**PROBLEM DETAILS**
Print only the lines running from the line with "Later than image 1 by 12.8 s." to the final line below, both included, exactly as written and without the pictures.

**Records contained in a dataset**

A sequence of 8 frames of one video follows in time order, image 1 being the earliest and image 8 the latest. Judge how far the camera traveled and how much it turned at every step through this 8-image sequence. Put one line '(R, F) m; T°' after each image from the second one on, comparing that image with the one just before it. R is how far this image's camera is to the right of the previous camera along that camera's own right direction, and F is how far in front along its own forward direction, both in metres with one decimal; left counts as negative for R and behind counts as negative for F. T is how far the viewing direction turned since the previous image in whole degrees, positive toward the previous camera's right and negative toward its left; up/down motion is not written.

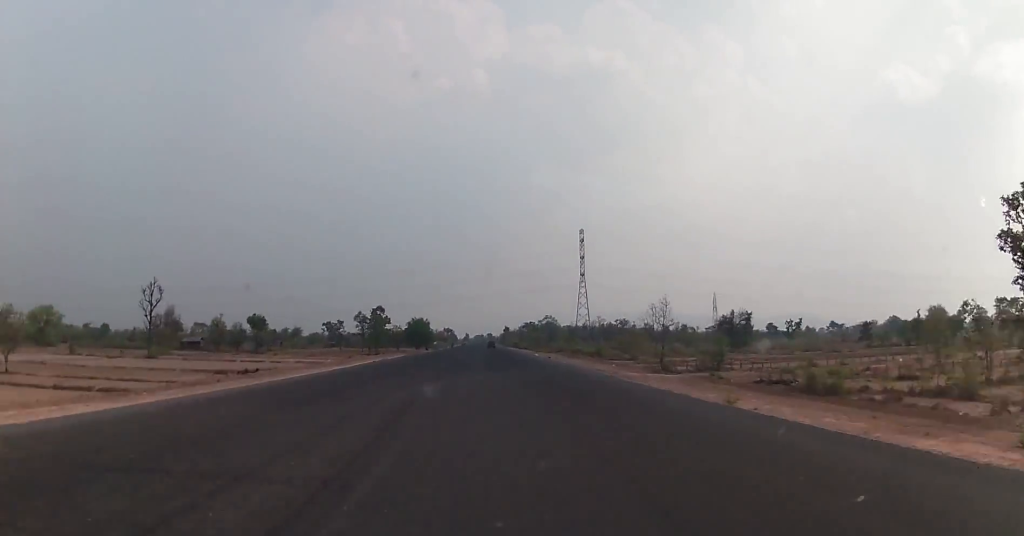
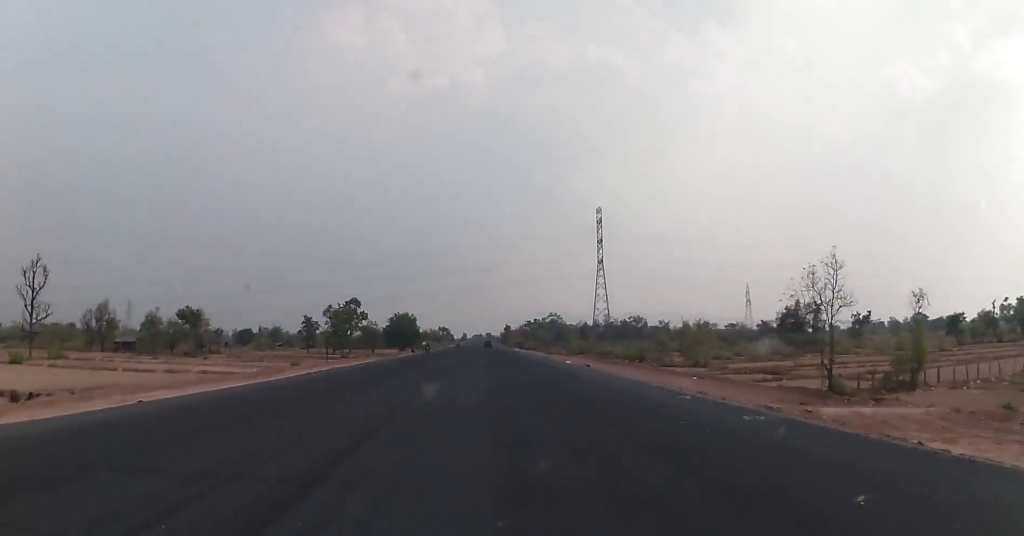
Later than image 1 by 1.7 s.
(+0.2, +43.1) m; 0°
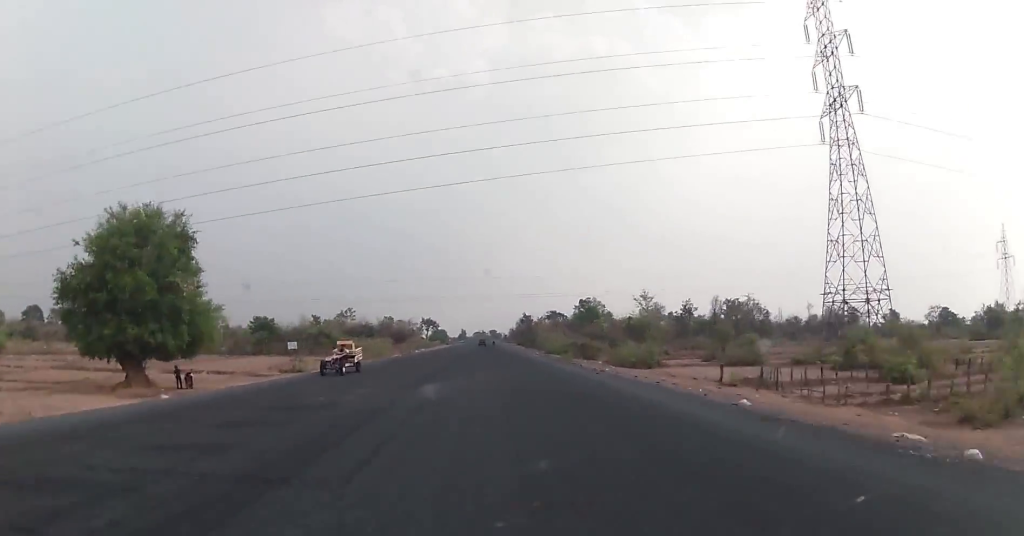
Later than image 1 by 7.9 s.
(-0.7, +149.7) m; -1°
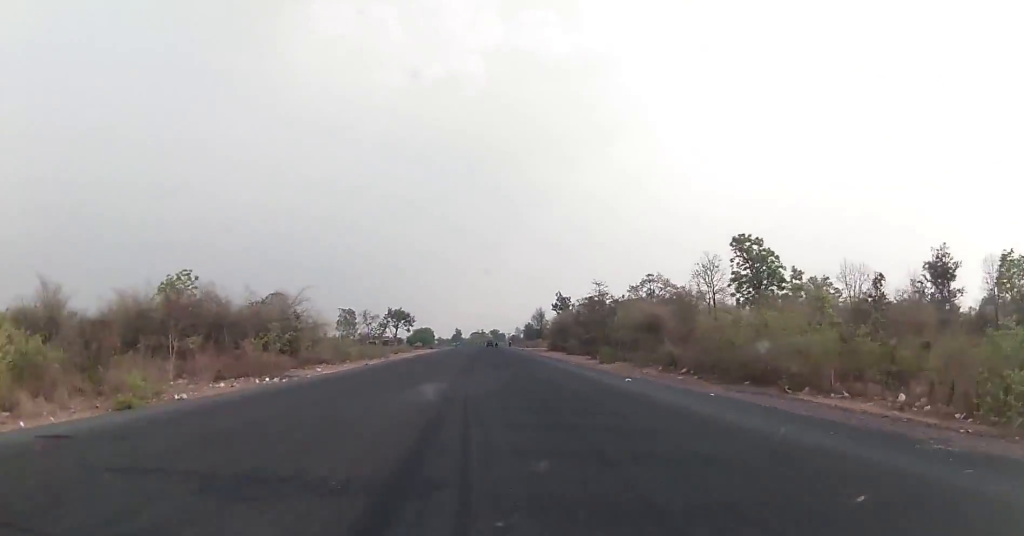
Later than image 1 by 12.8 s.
(-0.3, +116.7) m; 0°
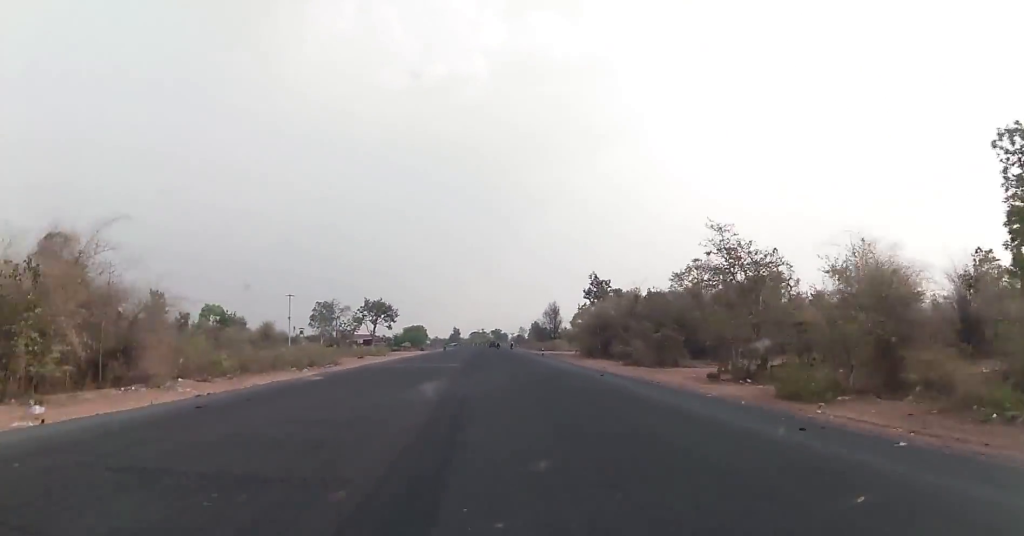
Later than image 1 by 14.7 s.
(-0.2, +43.6) m; 0°
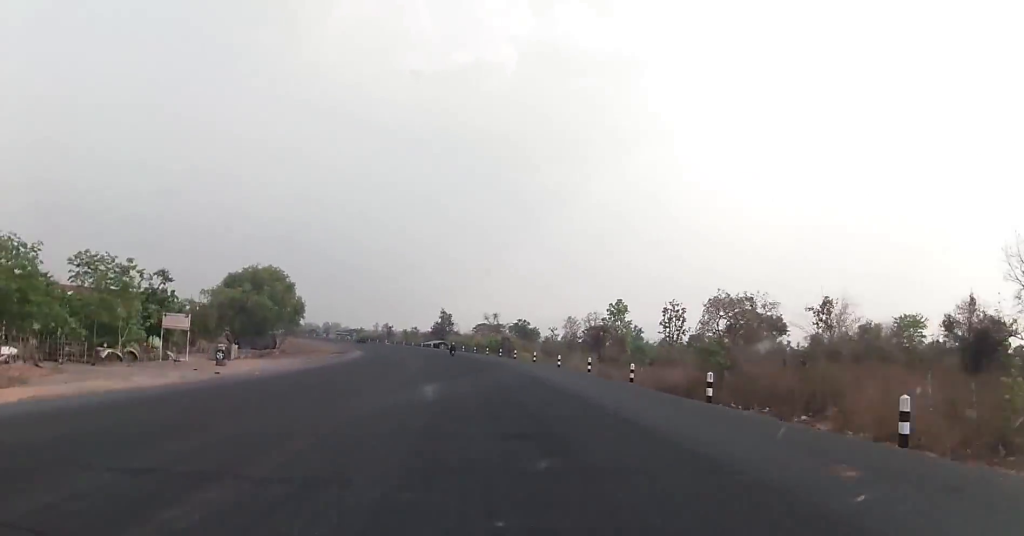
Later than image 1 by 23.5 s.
(+0.3, +200.4) m; -5°
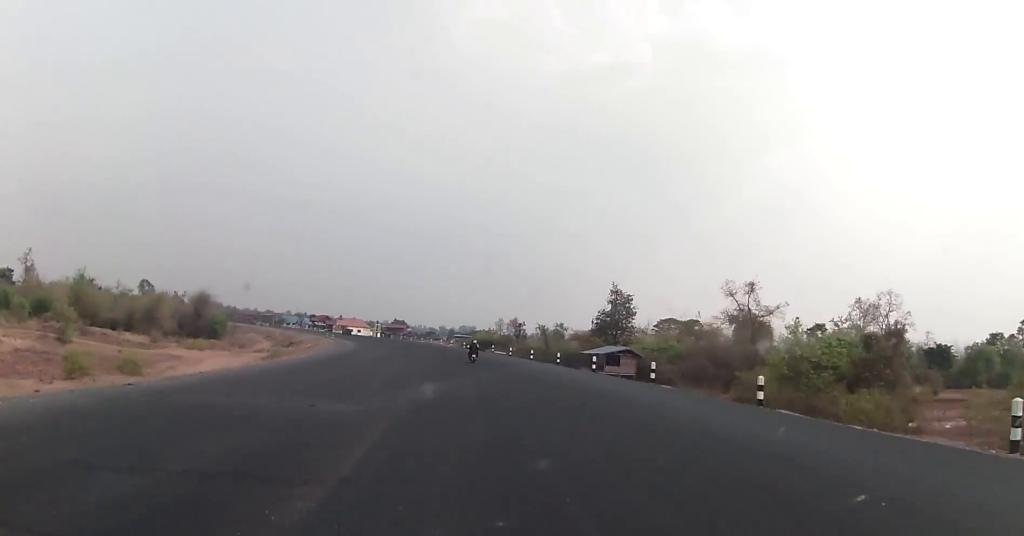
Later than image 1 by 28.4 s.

**RESPONSE TO THIS TASK**
Later than image 1 by 12.8 s.
(-0.3, +116.7) m; 0°
Later than image 1 by 14.7 s.
(-0.2, +43.6) m; 0°
Later than image 1 by 23.5 s.
(+0.3, +200.4) m; -5°
Later than image 1 by 28.4 s.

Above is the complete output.